Not that they have been ignored. Just as pianist Denis Kozhukhin has won legions of fans with his Prokofiev concertos this season – and he returns next April to play Rachmaninov under Runnicles – Steven Osborne's journey through the Beethoven concertos is bound to attract loyal devotees. Other pianists in the season include Olli Mustonen playing Bartok, Garrick Ohlsson and Angela Hewitt playing Chopin and Ingrid Fliter playing Ravel in a capricious Valentine's Day programme.

Scotland's classical sweetheart Nicola Benedetti joins the SSO to play the work with which she won the BBC's Young Musician of the year, Szymanowski's First Violin Concerto, just a few months after she performs it under Gergiev with the LSO at the Edinburgh Festival. The event with which the season begins might also be said to have its roots in Edinburgh.

The relationship between Runnicles and the SSO was forged at the festival, and among those memorable concerts was a performance of Wagner's Lohengrin in 2003. During the coming season, Runnicles will direct concerts of each of the three acts of Tristan and Isolde with a stellar cast of soloists with whom he has forged relationships in a career as an esteemed Wagnerian, including Swedish soprano Nina Stemme and English tenor Ian Storey. The first of the concerts, in Glasgow on Thursdays and at Edinburgh's Usher Hall the following Sunday, opens the season on September 27. In 2013 the chief conductor will also give us his Shostakovich Nine (alongside Britten's Sinfonia da Requiem) and Beethoven Five (with the Berg Violin Concerto and the Blue Danube).

"Ideas tend to fizz," says Reid, "and we have to be patient in putting them together. Each member of the conducting team brings different skills – there is no overlap between Ilan and Matthias when it comes to new music, for example."

It is Pintscher that has the closing concert next May, in which his own new work is bracketed by dance pieces from Igor Stravinsky (marking the centenary of the Rite's stormy debut) and Johan Sebastian Bach. Volkov, meanwhile, has charge of the key concert in the Polish strand and will be working with the orchestra alongside the Hebrides Ensemble on that weekend of celebration of Second Viennese School. Also next spring he will be curating a mini festival, Tectonics, that will involve the Glasgow Improvisers Orchestra and the music of John Cage, and another Hear and Now series concert will present the first retrospective of the orchestral music of New Yorker John Zorn. That same strand will see the orchestra playing Magnus Liindberg and Kaija Sariaaho, while Scottish composers in the coming season include Stuart MacRae, Alasdair Nicolson and John Maxwell Geddes.

Before all that, and ahead of Act One of Tristan, the orchestra's concert on September 15 of the music of Max Steiner may prove another hot 20th-century ticket, because his soundtrack to Casablanca will accompany a screening of the film.

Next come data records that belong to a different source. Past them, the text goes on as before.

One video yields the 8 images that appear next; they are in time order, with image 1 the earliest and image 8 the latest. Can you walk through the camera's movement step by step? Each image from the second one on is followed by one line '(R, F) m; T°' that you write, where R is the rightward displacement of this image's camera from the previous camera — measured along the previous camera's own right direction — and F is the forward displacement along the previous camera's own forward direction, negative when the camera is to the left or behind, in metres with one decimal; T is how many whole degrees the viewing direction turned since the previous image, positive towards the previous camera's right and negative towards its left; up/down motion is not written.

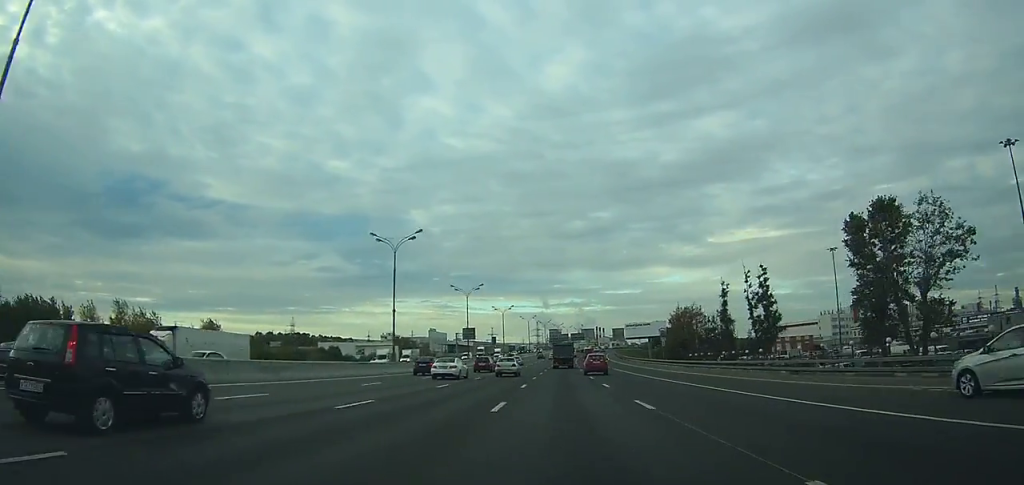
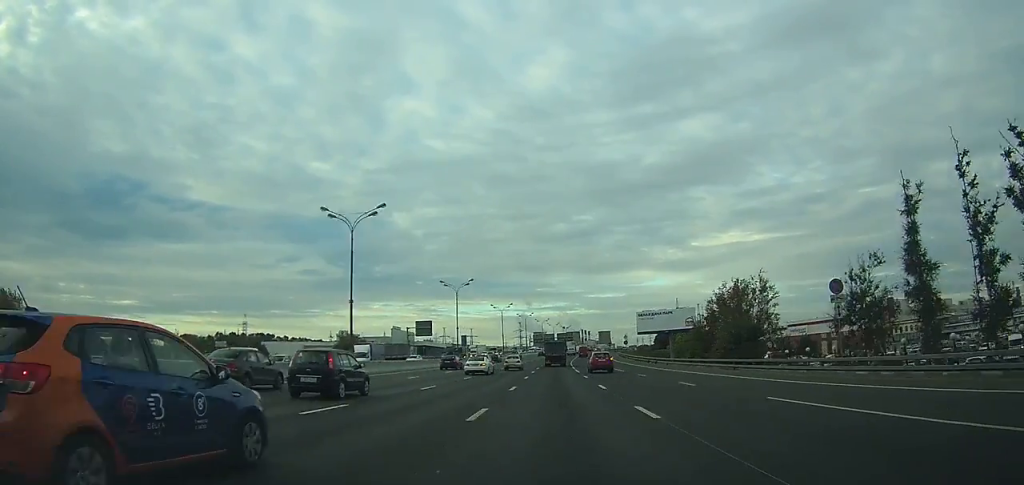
(+0.7, +49.6) m; +1°
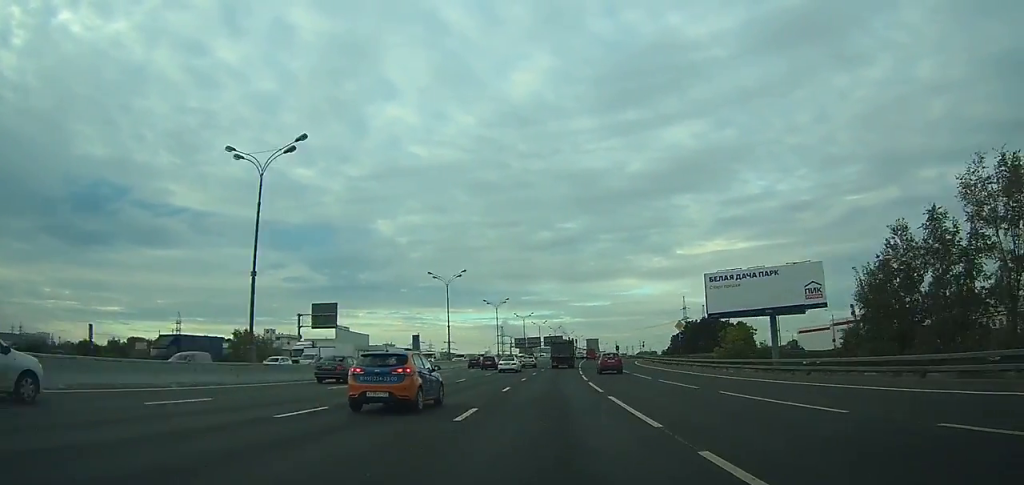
(+0.7, +62.5) m; +2°
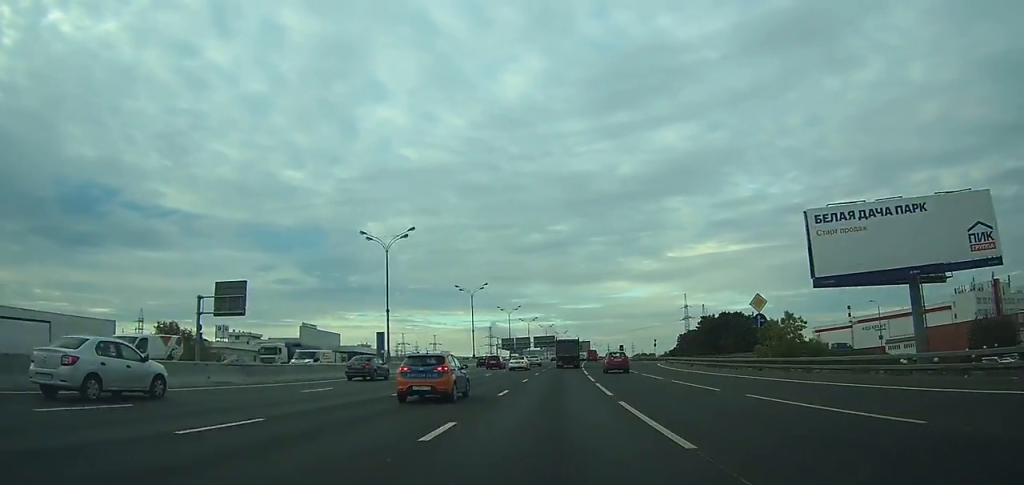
(+0.2, +26.2) m; +1°
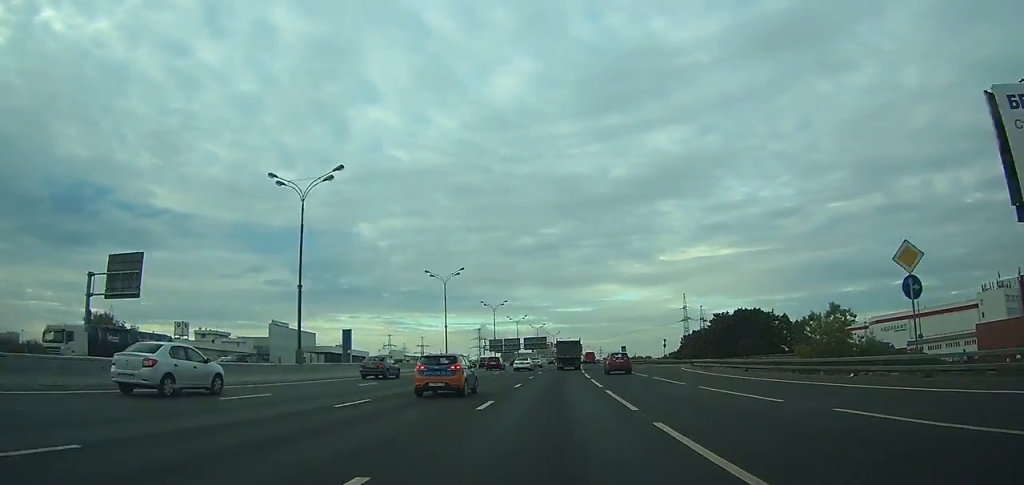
(0.0, +17.3) m; +1°
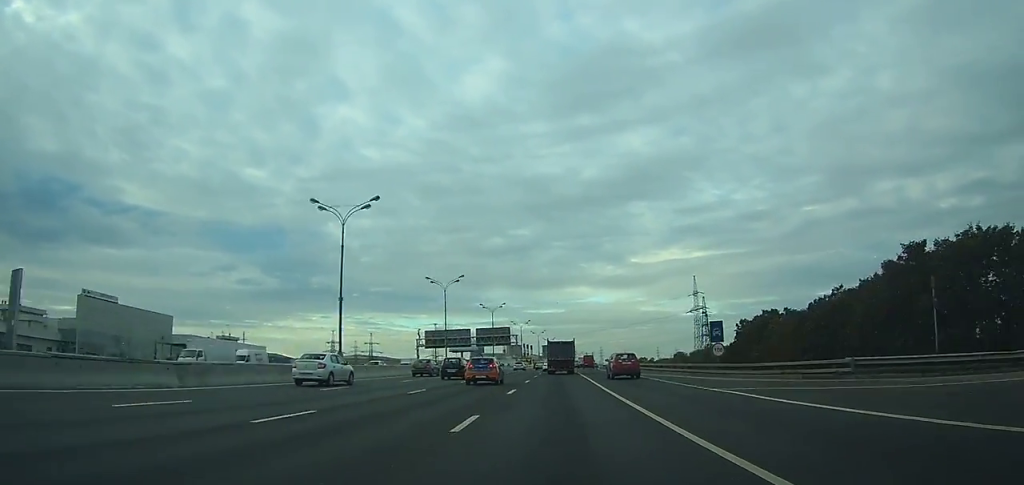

And even before that, at the start of May, the current season concludes with a weekend of Maestro Runnicles, beginning at the Royal Conservatoire of Scotland in the company of some of the students and working through a Saturday afternoon of chamber music with the conductor at the piano, to Bruckner 7 on May 7. From there to a year hence is a bold and fascinating journey, however serendipitously it came about.

Donald Runnicles and the BBC SSO play Schumann and Brahms – and a new work by Detlev Glanert – at Glasgow's City Halls tonight at 7.30pm.